Without the pictures, copy all of the data exactly.

START THE DATA

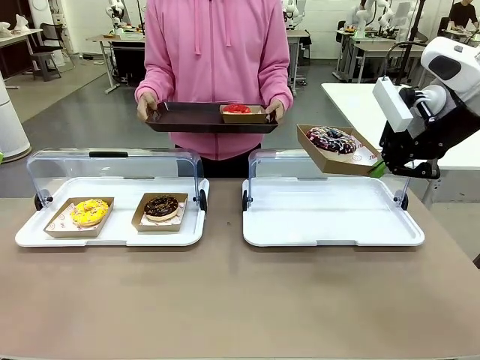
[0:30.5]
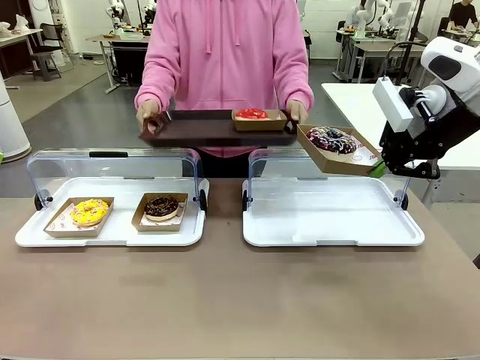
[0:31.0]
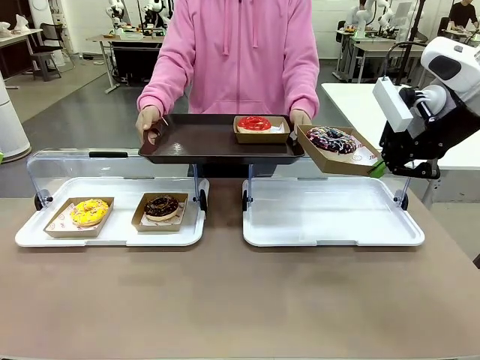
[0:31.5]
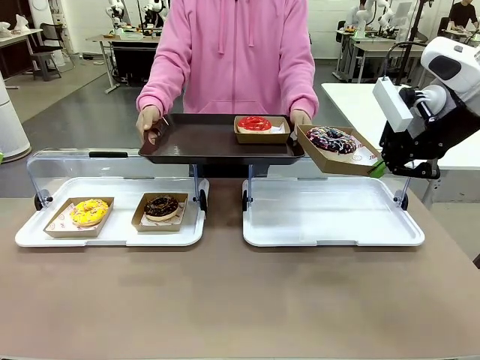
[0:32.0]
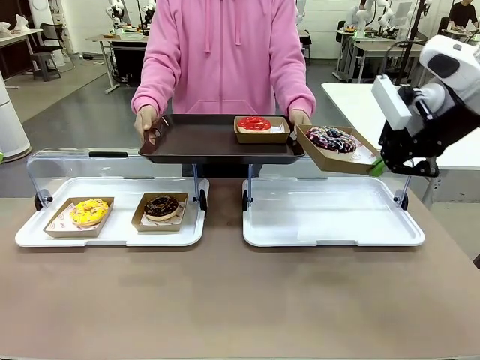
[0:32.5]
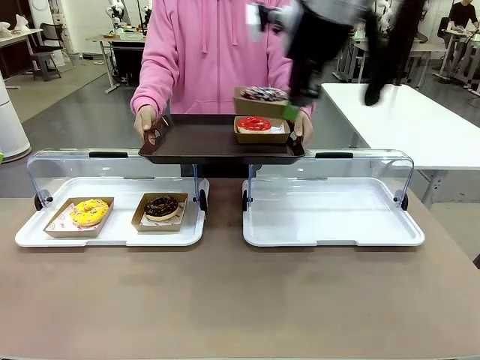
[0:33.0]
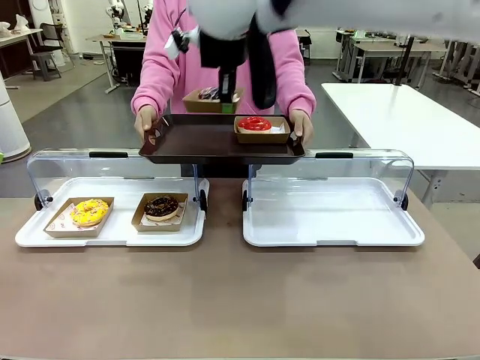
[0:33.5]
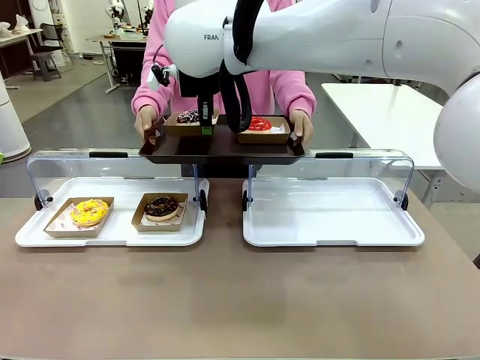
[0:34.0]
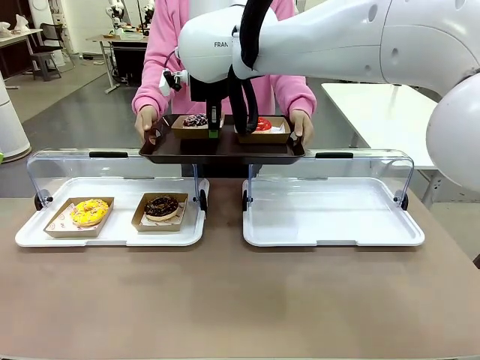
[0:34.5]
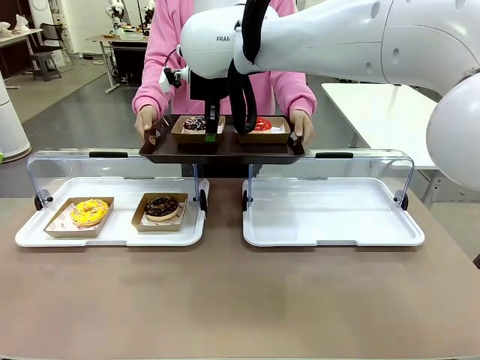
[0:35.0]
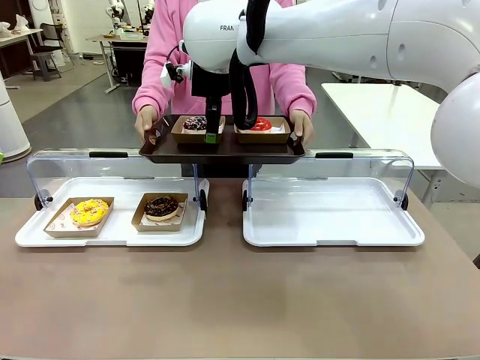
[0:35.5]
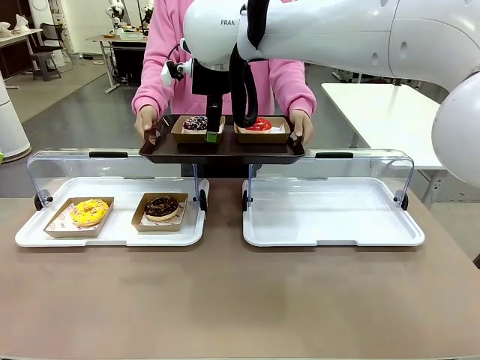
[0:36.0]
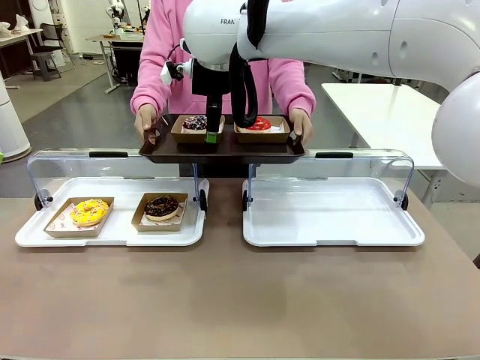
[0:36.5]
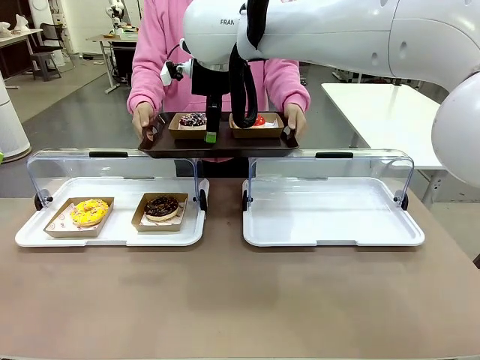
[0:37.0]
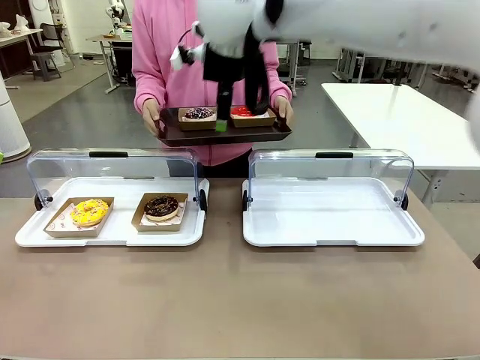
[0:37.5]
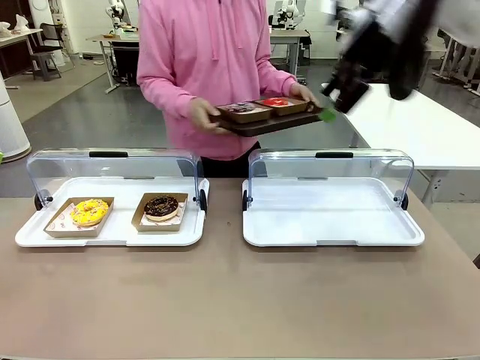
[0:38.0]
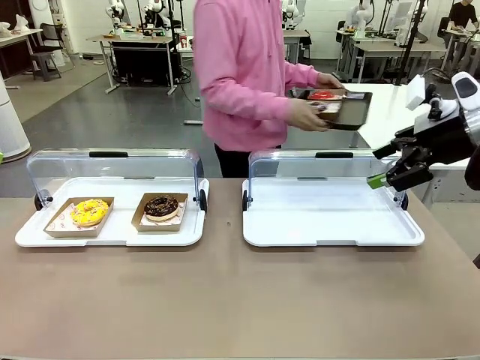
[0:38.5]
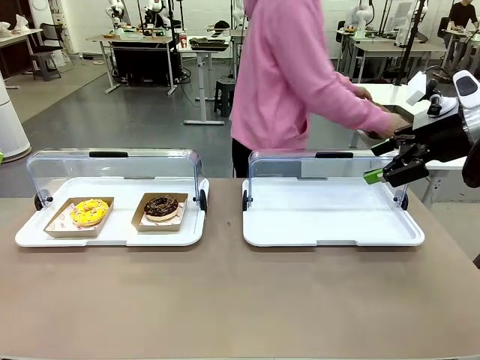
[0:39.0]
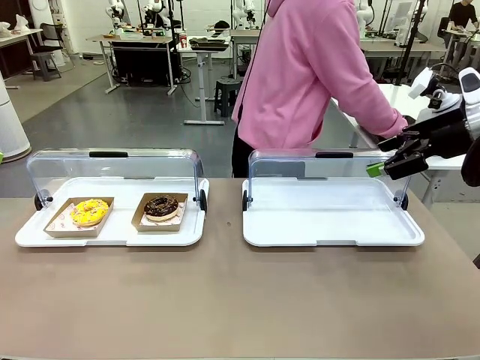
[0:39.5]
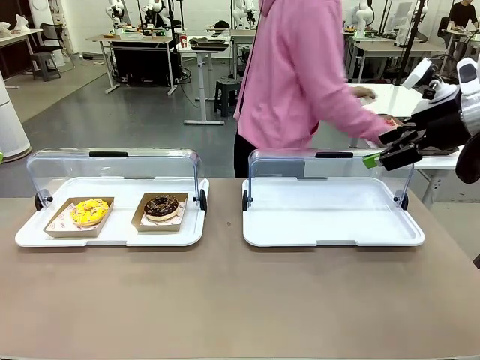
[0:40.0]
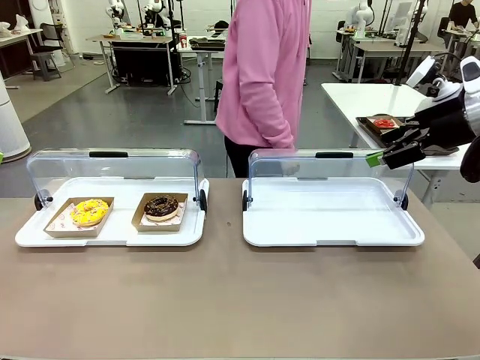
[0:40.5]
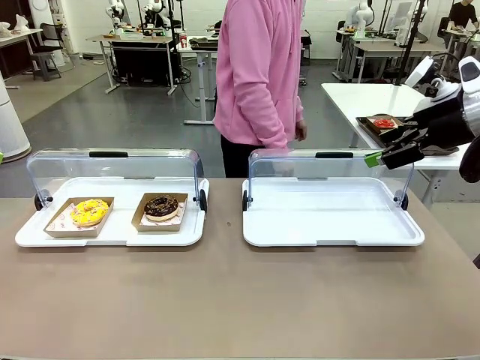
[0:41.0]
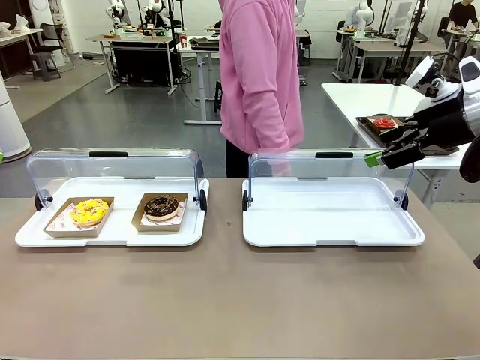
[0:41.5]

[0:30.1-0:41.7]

END THE DATA

### RESPONSE TO THIS TASK:
[0:30.5]
[0:31.0]
[0:31.5]
[0:32.0]
[0:32.5]
[0:33.0]
[0:33.5]
[0:34.0]
[0:34.5]
[0:35.0]
[0:35.5]
[0:36.0]
[0:36.5]
[0:37.0]
[0:37.5]
[0:38.0]
[0:38.5]
[0:39.0]
[0:39.5]
[0:40.0]
[0:40.5]
[0:41.0]
[0:41.5]

[0:30.1-0:41.7]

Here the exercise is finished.